Investors have poured north of $30 billion into independent foundation model players focusing on the false grail of so-called artificial general intelligence (AGI). However, we believe the greatest value capture exists in what is called Enterprise AGI. Private enterprises will capture the majority of value in the race for AI leadership. This report will dig deep into the economics of foundation models and will analyze Enterprise AGI and the untapped opportunities that exist within enterprises.
The false grail of AGI is often associated with OpenAI Chief Executive Sam Altman, driven by the pursuit of machine business work better than humans. However, removing humans' involvement for decision-making is not as easy as it seems.
AGI in the enterprise is the ability gradually to learn and adapt white-collar work processes of the firm. Instead of one all-intelligent AGI, it is a swarm of modestly intelligent agents that can collectively augment human white-collar work. Nvidia CEO’s quotes also resonate with this idea of a directory of AIs, some digital, some biological, specialized and skilled, and just generally good at doing things. An all-knowing AGI may not be a viable scenario.
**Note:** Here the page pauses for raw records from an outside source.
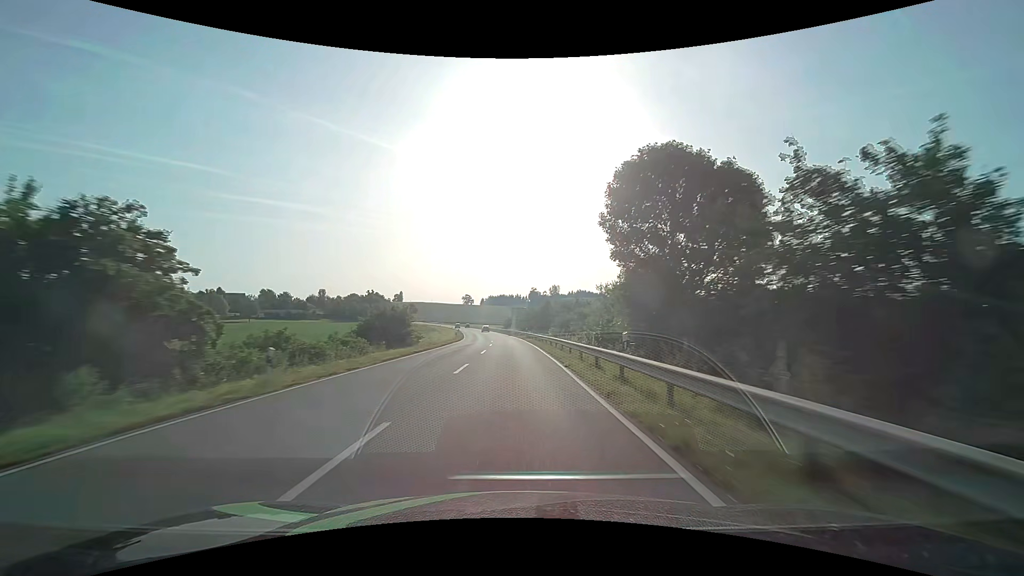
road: secondary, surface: asphalt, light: Day
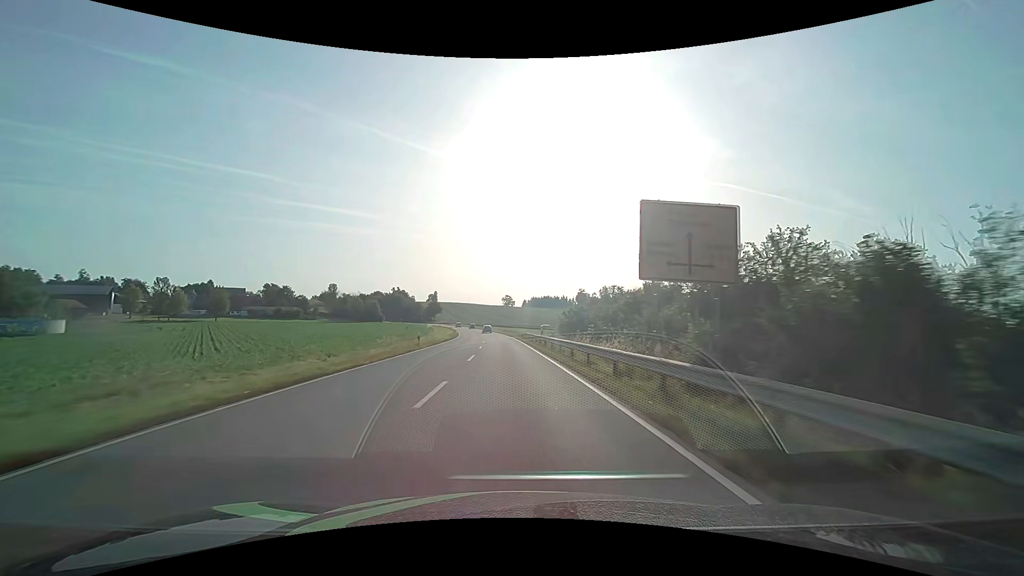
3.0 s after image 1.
(-3.1, +78.8) m; -5°
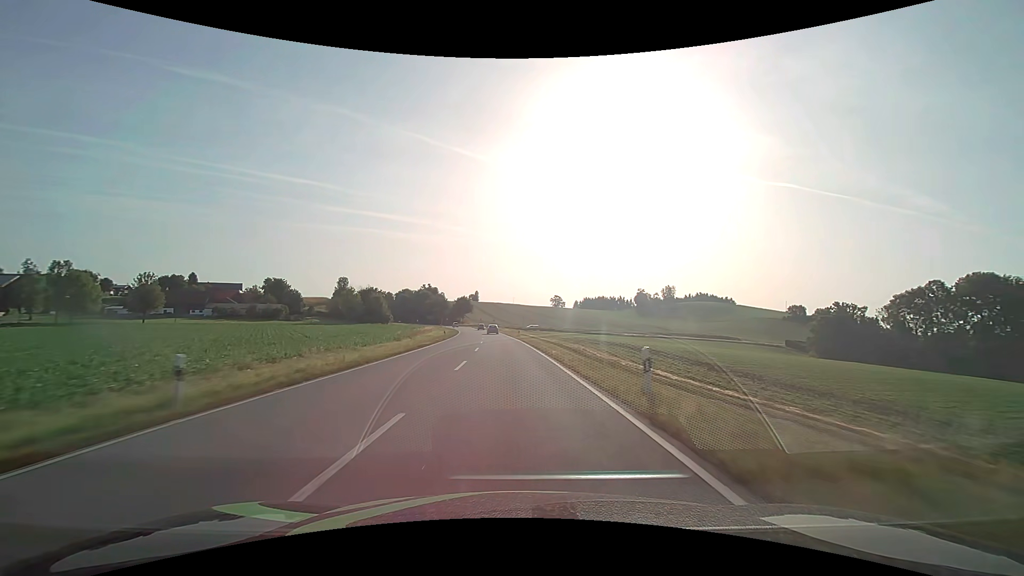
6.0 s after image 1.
(-3.5, +76.2) m; -5°
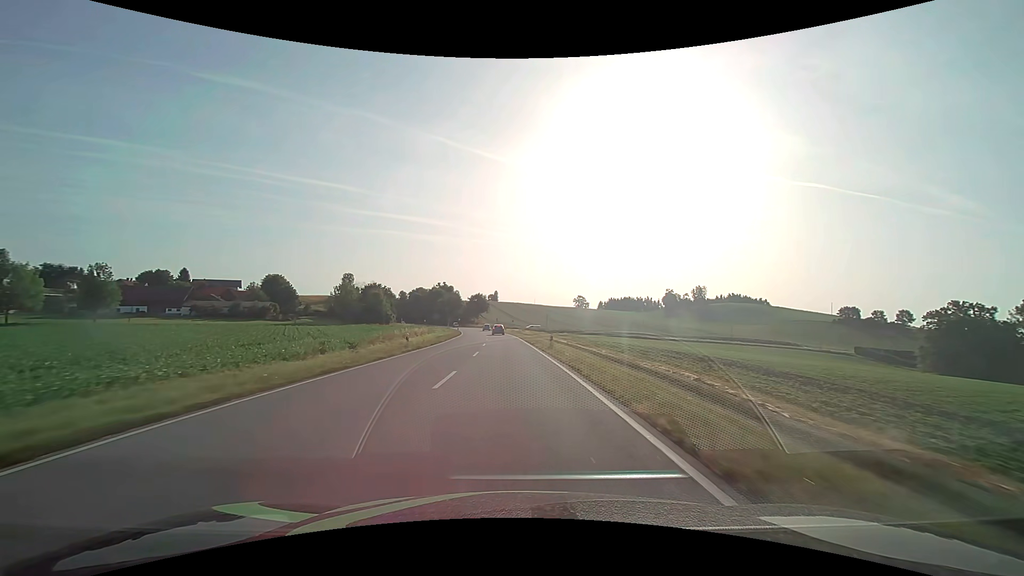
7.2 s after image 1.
(-0.6, +28.8) m; -2°
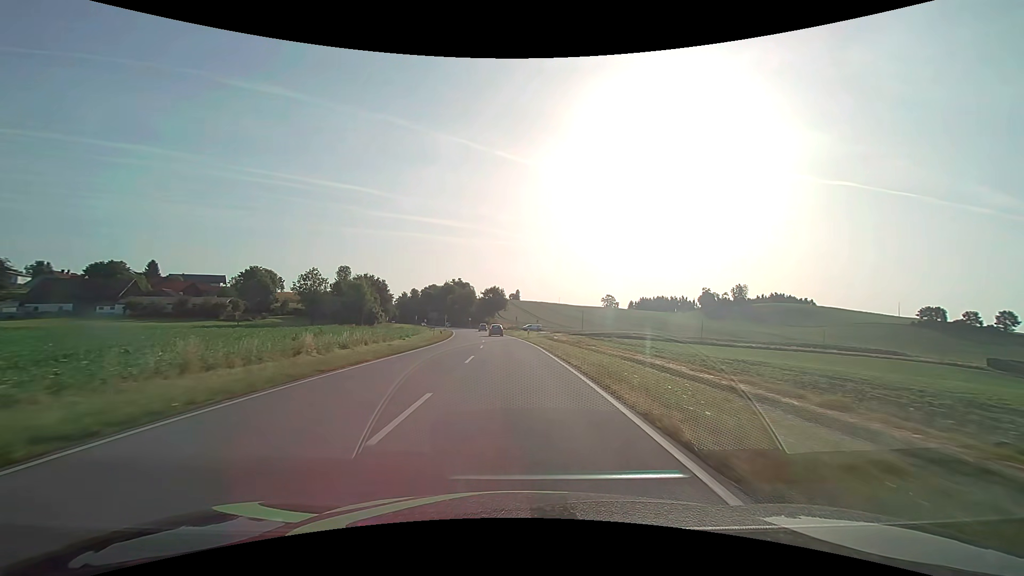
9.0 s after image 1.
(-0.9, +41.1) m; -2°
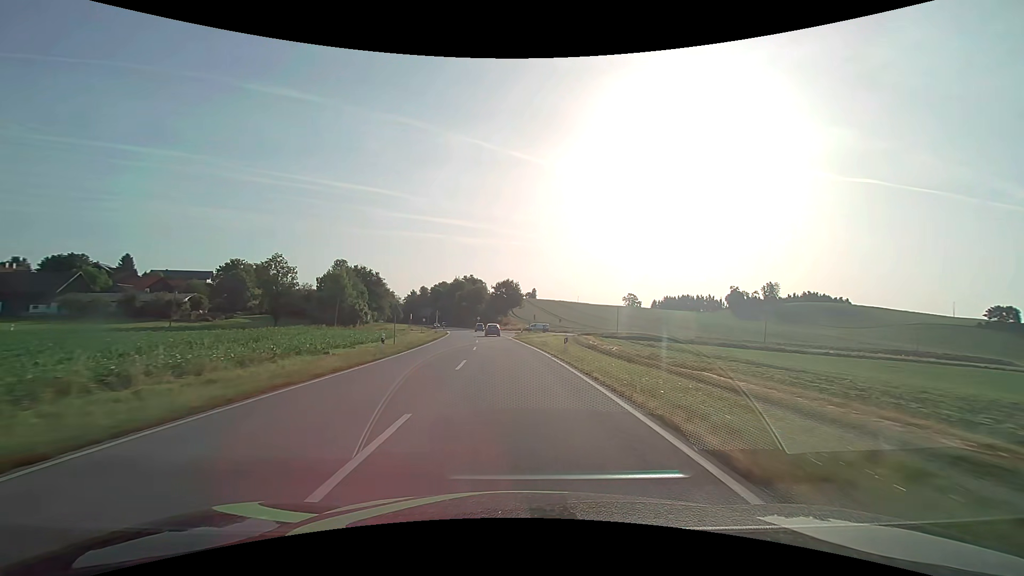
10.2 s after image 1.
(-0.5, +25.9) m; -2°
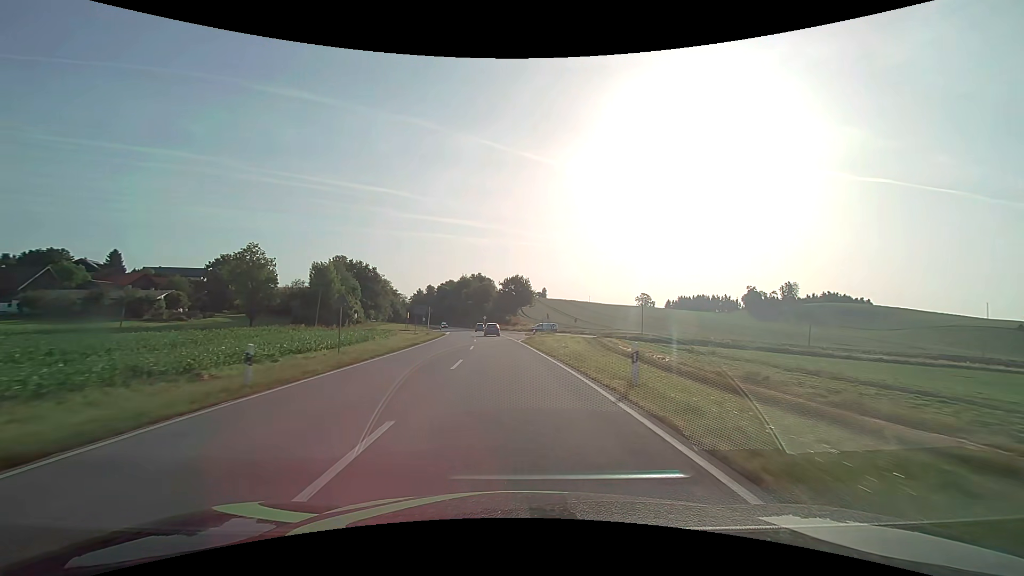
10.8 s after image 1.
(-0.1, +12.5) m; -1°
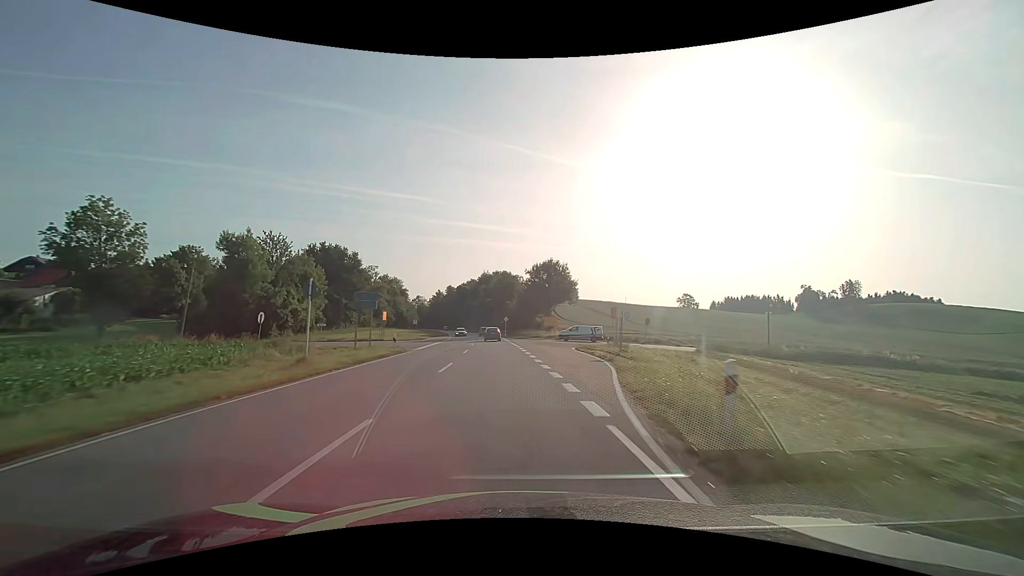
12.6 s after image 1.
(-1.0, +35.8) m; -3°
(0, +10) (0, +20) (-1, +30) (-1, +40) (-2, +50) (-3, +60) (-4, +70) (-5, +80) (-7, +90) (-8, +100) m

Private enterprises possess unique data and process advantage that is not in the public domain, which is the key ingredient for its competitive advantage. The proprietary knowledge specific to a business resides in the enterprise's data estate, with foundation models deriving from the transformer, differentiated solely by the data sets that train it.
LLMs are focused on scaling up its algorithm without recognizing that scaling up Models does not mean scaling their accuracy. The cost of scaling models is becoming unsustainable, and prices will drop like a rock. The investments going to foundation models are misguided, and the massive value capture exists in Enterprise AGI, which is a large opportunity for companies and most of the value created will accrue to these firms.
Citizen developers give agents goals and guardrails. But just as important, agents can generate plans with step-by-step reasoning that humans can then edit and iterate. Then the exception conditions become learnable moments to help get the agent further down the long tail the next time. Agents can learn from their human supervisors and learn from exceptions while in production. This is the opposite of traditional software where you want to catch and suppress bugs before production. This extension of what an agent can do can create a potentially learnable step to extend the long tail of activities and handle more edge cases.
Agents can change the economics of achieving that by observing and learning from human actions. The swarm of workflow agents, which are really specialized action models, collectively have the ability to learn and embody all that management knowhow and outperform the most advanced foundation model. The collective intelligence of those agents outperforms the singular intelligence in a frontier foundation model.
The enterprise automation opportunity is significant but requires specialized knowledge because each process is unique, and it takes more than an AI model to understand an enterprise's processes. The future of enterprise software must not only deliver transactional efficiency and productivity but also be capable of managing and analyzing the complexities of real-time business processes in a unified framework subject to operational, analytic and historical systems.
Though there are various emerging players exploring the integrated, process-driven source of truth, understanding the nuances of each approach will be critical to building applications that can capitalize on this integrated, process-driven source of truth. The future presents both challenges and a significant opportunity, setting the stage for a new era in enterprise applications, data orchestration, and process alignment.
Overall, we believe that Enterprise AGI provides a massive opportunity for companies, and most of the value created will accrue to these firms. Private enterprises will capture the majority of value in the race for AI leadership, underscoring the importance of Enterprises' ability to gradually learn and adapt white-collar work processes over an all-knowing AGI.